Plans were afoot for a big demonstration to cover the surprise by English tanks at Havrincourt on November 20. A series of gas projections, smoke barrages, and raids were to take place. The better to maintain secrecy from the German 'listening-sets' no telephones were used. The Battalion bore its share in the programme; already at Arras plans for a novel raid were under contemplation. Cuthbert had devised a scheme, which Colonel Wetherall adopted and chose B Company, under Moberly, to carry out. The details of this raid, inasmuch as their novelty is of some historical interest, demand an explanation.
Gas fired in shells was of two sorts, lethal and non-lethal. The former was a deadly poison. Unless taken in large quantities, the latter had no fatal, nor indeed serious, effects; designed to irritate the throat and eyes, it caused such sneezing and hiccoughing that whosoever breathed this sort of gas lost temporarily his self-control. Lethal and non-lethal gas were intermingled both by the Germans and ourselves with high explosive shells; the effect of each assisted the effect of the other. If one began to sneeze from the effect of non-lethal gas, one could not wear a gas-helmet to resist the lethal; the high-explosive shells disguised both types. Now it was planned by Wetherall to fire lethal gas against the enemy for several nights. On the night of the raid and during it, non-lethal only would be used. The two gases smelt alike and the presumption was that on the night of the raid the enemy would wear gas-helmets.

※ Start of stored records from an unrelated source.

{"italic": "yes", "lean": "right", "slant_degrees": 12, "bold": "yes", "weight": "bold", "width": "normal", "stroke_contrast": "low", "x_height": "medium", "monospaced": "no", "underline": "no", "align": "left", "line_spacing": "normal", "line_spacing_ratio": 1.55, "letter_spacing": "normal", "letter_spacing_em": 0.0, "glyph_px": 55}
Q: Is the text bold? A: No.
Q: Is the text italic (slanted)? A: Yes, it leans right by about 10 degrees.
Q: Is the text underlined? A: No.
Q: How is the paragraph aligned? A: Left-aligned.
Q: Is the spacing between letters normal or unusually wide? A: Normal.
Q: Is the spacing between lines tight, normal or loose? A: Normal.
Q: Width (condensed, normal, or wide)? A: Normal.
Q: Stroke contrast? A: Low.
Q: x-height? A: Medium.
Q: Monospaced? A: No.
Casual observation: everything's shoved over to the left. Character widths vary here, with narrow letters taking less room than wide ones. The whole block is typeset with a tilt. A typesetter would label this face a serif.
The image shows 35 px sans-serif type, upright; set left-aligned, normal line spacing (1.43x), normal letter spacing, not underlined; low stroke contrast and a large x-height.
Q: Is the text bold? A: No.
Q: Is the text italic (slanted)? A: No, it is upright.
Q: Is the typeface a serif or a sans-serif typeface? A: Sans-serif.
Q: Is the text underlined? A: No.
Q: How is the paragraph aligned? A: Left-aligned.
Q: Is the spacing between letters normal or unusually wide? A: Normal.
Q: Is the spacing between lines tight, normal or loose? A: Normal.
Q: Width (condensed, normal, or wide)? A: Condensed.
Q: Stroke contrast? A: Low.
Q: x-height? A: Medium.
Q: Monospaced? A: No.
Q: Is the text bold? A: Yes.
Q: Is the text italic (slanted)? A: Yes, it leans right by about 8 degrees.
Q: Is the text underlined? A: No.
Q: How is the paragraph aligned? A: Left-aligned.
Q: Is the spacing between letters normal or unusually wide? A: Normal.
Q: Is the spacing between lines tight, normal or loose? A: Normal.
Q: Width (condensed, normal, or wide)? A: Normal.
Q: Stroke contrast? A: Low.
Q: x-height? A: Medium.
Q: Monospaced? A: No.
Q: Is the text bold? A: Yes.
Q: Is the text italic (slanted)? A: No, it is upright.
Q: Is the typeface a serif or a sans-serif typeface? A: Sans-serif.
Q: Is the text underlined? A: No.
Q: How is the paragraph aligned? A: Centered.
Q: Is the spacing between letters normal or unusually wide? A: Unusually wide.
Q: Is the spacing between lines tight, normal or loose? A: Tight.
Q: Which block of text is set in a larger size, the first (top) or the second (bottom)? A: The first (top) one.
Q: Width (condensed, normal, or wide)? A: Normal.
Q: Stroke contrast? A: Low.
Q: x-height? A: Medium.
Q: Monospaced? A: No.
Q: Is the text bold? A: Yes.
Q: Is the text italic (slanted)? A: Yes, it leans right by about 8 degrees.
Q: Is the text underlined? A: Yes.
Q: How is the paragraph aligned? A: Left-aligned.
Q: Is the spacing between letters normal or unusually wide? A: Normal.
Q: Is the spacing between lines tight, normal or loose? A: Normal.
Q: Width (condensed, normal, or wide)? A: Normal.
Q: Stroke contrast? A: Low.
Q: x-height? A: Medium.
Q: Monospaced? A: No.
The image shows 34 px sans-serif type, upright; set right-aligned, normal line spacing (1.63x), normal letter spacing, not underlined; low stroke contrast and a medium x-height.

On the evening of November 17, only an hour before the raid was to take place, it was announced that the wrong type of shells had been delivered to the artillery. Barely in time to avert a fiasco, the affair was cancelled. Two nights afterwards, when the wind luckily was again from the right direction, the raid was carried out. The Germans, of whom some were found in gas-helmets, had no inkling of our plan. B Company, though they missed the gap through the enemy's wire, entered the trenches without opposition and captured a machine-gun which was pointing directly at their approach but never fired. Wallington, the officer in command of the storming party, killed several Germans. As often, there was difficulty in finding the way back to our lines; in fact, Moberly, the commander of the raid, after some wandering in No-Man's-Land, entered the trenches of a Scotch division upon our right. His appearance and comparative inability to speak their language made him a suspicious visitor to our kilted neighbours. Moberly rejoined his countrymen under escort.